La Grande Guerra intacca e scalfisce il mito patrio del 4 novembre 1918. La realtà è che si trattò una vittoria relativa dal punto di vista politico, ottenuta al costo di una perdita spaventosa di vite umane (650.000). Il guerrone (ancora oggi i vecchi lo chiamano così) fu combattuto in trincea, tra assalti sanguinosi alla baionetta, reticolati infiniti di filo spinato su cui i soldati finivano infilzati. Un massacro oggi inimmaginabile, condotto praticamente senza regole, in cui si veniva mandati al macello per conquistare pochi metri di terra. Il disinteresse per la vita umana era assoluto, si sparava addosso pure alla Croce Rossa (e non è un modo di dire).

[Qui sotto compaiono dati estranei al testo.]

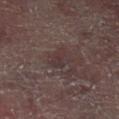This lesion was catalogued during total-body skin photography and was not selected for biopsy. Measured at roughly 3 mm in maximum diameter. Automated image analysis of the tile measured a symmetry-axis asymmetry near 0.35. The software also gave a lesion color around L≈28 a*≈13 b*≈12 in CIELAB, a lesion–skin lightness drop of about 5, and a normalized lesion–skin contrast near 5.5. The analysis additionally found a border-irregularity index near 3.5/10, internal color variation of about 1 on a 0–10 scale, and peripheral color asymmetry of about 0.5. The software also gave a classifier nevus-likeness of about 0/100. Imaged with cross-polarized lighting. Cropped from a total-body skin-imaging series; the visible field is about 15 mm. A male patient aged 58–62. The lesion is located on the left lower leg.

Il film è mirabile perché costituisce un’equilibrata contaminazione tra la commedia all’italiana e la tragedia storica, secondo un modello di racconto che appartiene alla tradizione alta, ma anche tra cinema di cassetta e d’impegno. L’approccio antieroico, che ha come lontano antesignano Charlot soldato, prima pellicola antimilitarista della storia, sarà caratteristico di molti altri film (anche americani) del decennio successivo. Monicelli riproduce con sensibilità un’atmosfera drammaticamente dimessa che sfugge al facile bozzettismo. Sordi e Gassman trasmettono accurata dignità a due soldati che sapranno sacrificare convenienza e spirito opportunista per conquistarsi una solida coscienza morale.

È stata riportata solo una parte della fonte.